*PROBLEM REQUIREMENTS*
Go through the entries below and print, exactly, the lines starting at the one with "#4805=CARTESIAN_POINT('',(-25.,-50.,-24.8));" and ending at the one with "#4812=CARTESIAN_POINT('',(-25.,250.,-25.));", keeping both ends and no others.

(Entries taken from a collection)
=== Begin Enclosure ===
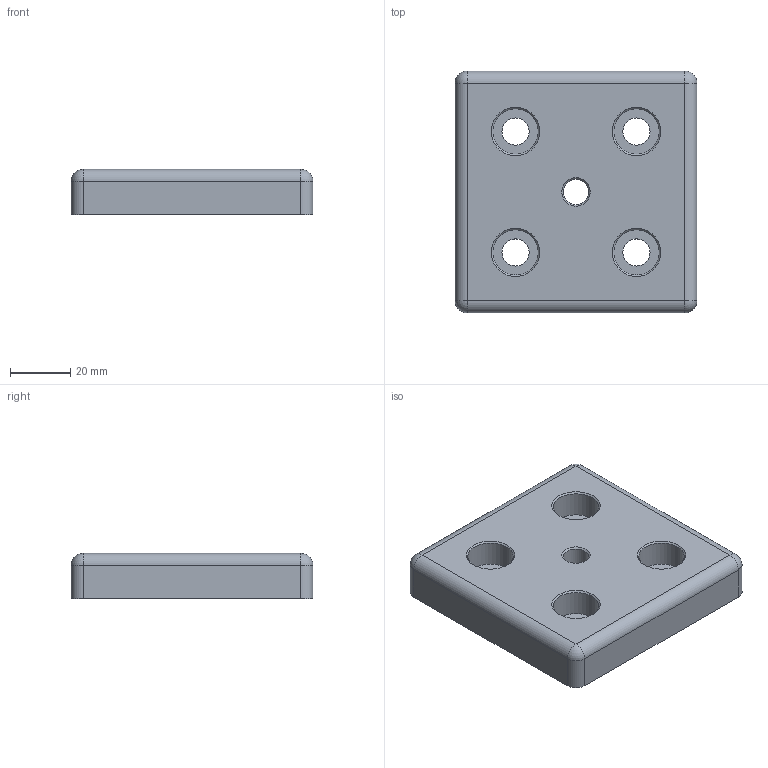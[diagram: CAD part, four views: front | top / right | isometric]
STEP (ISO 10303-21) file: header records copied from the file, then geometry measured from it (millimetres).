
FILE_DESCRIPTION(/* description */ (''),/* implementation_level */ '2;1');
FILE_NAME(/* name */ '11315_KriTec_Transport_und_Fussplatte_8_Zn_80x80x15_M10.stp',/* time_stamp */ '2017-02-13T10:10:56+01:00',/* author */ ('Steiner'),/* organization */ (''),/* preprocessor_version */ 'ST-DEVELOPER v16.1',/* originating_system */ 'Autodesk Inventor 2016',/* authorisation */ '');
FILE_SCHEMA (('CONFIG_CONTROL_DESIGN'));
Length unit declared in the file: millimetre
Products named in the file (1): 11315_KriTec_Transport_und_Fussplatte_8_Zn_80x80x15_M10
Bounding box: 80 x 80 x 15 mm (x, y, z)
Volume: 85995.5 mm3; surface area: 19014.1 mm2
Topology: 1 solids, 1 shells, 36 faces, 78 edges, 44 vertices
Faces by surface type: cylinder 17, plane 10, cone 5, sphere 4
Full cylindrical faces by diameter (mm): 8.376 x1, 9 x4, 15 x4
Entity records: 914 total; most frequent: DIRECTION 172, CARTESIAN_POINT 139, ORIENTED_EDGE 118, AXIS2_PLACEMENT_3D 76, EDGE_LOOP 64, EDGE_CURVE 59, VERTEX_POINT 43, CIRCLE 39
=== End Enclosure ===
=== Begin Enclosure ===
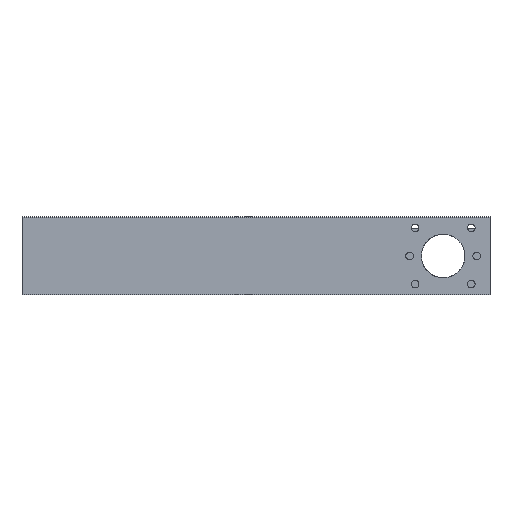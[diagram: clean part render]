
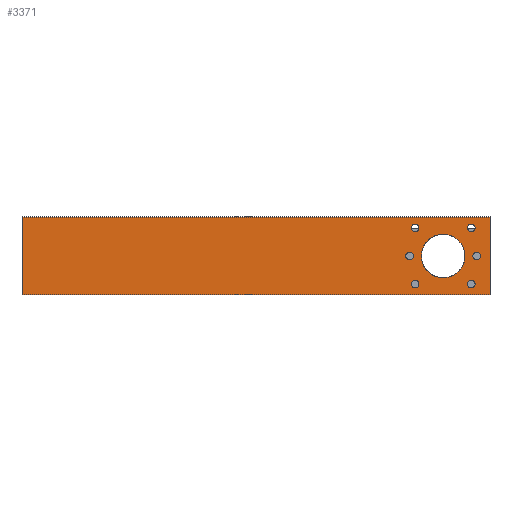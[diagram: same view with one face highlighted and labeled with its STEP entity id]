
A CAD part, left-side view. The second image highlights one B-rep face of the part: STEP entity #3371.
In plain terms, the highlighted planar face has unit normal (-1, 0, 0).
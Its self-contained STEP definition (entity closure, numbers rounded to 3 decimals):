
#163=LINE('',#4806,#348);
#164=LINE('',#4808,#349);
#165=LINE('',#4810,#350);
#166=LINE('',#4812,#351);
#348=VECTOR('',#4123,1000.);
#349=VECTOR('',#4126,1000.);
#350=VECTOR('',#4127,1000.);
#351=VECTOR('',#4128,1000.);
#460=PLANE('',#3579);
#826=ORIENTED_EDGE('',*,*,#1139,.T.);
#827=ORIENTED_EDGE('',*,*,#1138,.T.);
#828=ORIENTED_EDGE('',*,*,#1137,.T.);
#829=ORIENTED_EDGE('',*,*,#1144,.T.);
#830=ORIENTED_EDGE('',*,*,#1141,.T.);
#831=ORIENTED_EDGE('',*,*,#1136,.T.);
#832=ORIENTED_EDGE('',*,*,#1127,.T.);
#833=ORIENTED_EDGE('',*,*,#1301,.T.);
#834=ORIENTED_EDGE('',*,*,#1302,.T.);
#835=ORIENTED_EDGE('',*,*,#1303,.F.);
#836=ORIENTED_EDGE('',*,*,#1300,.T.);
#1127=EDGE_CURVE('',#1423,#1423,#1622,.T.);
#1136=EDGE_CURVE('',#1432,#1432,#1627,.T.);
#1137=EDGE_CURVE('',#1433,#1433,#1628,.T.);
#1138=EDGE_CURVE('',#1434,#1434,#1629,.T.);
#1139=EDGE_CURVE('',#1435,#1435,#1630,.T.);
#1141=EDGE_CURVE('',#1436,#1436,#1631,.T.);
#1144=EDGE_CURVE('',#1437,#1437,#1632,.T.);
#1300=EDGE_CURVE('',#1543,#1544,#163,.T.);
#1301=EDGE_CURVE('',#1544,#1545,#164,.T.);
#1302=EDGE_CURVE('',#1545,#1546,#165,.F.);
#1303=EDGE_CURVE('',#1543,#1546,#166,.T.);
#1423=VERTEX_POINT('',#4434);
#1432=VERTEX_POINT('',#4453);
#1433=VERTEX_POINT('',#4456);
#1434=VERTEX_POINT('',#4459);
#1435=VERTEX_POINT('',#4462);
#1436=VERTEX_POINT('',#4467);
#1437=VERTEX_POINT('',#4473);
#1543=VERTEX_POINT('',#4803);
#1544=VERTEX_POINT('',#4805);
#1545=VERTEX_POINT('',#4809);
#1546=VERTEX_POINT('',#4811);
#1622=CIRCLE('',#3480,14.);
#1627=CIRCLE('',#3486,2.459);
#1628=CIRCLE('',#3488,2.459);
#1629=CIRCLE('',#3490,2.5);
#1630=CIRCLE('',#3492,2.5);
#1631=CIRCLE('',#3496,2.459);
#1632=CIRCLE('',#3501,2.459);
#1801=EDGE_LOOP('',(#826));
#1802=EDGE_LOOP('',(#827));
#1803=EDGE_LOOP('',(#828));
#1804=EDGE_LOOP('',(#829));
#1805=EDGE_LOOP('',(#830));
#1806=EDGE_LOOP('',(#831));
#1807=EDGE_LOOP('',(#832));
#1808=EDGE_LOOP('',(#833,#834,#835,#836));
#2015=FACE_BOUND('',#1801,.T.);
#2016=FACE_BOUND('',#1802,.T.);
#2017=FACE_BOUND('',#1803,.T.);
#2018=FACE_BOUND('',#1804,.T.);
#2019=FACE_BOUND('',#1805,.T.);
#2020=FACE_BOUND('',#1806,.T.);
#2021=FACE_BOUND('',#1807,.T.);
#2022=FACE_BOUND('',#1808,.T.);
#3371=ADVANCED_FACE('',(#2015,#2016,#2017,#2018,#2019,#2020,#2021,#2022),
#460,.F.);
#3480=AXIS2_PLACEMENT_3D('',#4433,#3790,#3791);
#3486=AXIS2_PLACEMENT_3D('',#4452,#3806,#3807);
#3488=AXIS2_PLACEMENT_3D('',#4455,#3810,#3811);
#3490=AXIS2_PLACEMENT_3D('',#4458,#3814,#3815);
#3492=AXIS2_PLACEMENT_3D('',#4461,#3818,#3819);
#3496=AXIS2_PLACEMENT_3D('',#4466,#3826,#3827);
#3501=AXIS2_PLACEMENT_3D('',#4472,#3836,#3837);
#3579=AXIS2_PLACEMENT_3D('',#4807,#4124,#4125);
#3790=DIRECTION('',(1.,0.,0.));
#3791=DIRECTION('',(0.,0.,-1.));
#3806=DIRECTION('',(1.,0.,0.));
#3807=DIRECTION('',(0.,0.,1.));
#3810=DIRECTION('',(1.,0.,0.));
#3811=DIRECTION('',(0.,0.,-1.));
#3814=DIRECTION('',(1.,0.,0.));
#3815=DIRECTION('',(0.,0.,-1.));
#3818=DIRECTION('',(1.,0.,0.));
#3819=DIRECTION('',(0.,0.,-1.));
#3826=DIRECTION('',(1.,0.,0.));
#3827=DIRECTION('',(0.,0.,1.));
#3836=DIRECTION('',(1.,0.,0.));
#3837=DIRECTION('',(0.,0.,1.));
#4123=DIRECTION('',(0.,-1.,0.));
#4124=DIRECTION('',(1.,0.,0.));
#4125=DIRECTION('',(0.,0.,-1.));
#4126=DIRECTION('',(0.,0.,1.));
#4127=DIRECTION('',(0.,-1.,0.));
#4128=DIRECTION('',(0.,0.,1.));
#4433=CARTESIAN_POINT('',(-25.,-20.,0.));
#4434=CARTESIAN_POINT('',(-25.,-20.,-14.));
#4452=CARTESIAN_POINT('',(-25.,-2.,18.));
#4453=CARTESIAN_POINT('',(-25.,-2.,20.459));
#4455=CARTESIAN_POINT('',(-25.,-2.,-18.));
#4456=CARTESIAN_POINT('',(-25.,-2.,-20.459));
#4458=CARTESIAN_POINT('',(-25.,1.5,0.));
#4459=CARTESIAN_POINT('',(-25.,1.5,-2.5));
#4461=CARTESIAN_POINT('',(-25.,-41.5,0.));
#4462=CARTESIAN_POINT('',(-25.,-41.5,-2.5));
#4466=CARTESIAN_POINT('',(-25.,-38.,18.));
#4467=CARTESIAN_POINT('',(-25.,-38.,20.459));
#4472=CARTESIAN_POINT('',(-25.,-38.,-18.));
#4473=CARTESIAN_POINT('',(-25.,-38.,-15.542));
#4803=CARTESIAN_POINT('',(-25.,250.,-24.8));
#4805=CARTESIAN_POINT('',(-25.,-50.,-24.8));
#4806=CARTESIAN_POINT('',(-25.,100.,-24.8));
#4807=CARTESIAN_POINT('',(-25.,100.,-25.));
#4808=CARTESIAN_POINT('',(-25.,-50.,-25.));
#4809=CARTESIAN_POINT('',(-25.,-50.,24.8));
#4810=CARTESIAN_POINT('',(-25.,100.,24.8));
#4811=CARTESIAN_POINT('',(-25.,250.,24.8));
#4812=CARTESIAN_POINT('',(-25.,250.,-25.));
=== End Enclosure ===
*SOLUTION FOR THIS TASK*
#4805=CARTESIAN_POINT('',(-25.,-50.,-24.8));
#4806=CARTESIAN_POINT('',(-25.,100.,-24.8));
#4807=CARTESIAN_POINT('',(-25.,100.,-25.));
#4808=CARTESIAN_POINT('',(-25.,-50.,-25.));
#4809=CARTESIAN_POINT('',(-25.,-50.,24.8));
#4810=CARTESIAN_POINT('',(-25.,100.,24.8));
#4811=CARTESIAN_POINT('',(-25.,250.,24.8));
#4812=CARTESIAN_POINT('',(-25.,250.,-25.));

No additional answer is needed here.